Top of Input for this task

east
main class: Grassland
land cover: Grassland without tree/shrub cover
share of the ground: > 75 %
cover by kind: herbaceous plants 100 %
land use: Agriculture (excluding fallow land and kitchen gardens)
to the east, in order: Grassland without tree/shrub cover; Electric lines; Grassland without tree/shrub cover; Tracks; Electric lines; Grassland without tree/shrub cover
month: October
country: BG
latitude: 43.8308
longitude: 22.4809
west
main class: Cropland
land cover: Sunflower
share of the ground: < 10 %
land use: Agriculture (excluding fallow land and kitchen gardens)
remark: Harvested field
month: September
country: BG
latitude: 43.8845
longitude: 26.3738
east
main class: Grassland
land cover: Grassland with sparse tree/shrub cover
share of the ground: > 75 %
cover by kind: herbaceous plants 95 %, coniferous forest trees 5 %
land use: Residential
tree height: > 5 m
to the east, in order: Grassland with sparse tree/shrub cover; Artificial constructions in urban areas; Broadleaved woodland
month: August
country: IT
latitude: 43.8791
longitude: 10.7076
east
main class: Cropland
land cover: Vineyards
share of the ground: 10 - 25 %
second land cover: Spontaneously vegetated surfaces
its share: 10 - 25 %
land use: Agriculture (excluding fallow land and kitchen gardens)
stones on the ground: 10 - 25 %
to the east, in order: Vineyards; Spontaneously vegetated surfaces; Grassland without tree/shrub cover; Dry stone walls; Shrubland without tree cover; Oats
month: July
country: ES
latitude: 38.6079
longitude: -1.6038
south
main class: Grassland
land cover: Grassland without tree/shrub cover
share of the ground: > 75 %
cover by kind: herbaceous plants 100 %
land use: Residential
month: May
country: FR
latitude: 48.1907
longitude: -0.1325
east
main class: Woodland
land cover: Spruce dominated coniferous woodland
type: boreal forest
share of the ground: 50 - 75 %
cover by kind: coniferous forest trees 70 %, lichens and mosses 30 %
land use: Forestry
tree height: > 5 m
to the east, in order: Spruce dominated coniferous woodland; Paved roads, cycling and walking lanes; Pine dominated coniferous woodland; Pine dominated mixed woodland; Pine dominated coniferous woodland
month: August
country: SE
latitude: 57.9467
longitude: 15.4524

Bottom of Input for this task

● Task brief
Show every line from the entries above in which "ground" appears.

● Response area
share of the ground: > 75 %
share of the ground: < 10 %
share of the ground: > 75 %
share of the ground: 10 - 25 %
stones on the ground: 10 - 25 %
share of the ground: > 75 %
share of the ground: 50 - 75 %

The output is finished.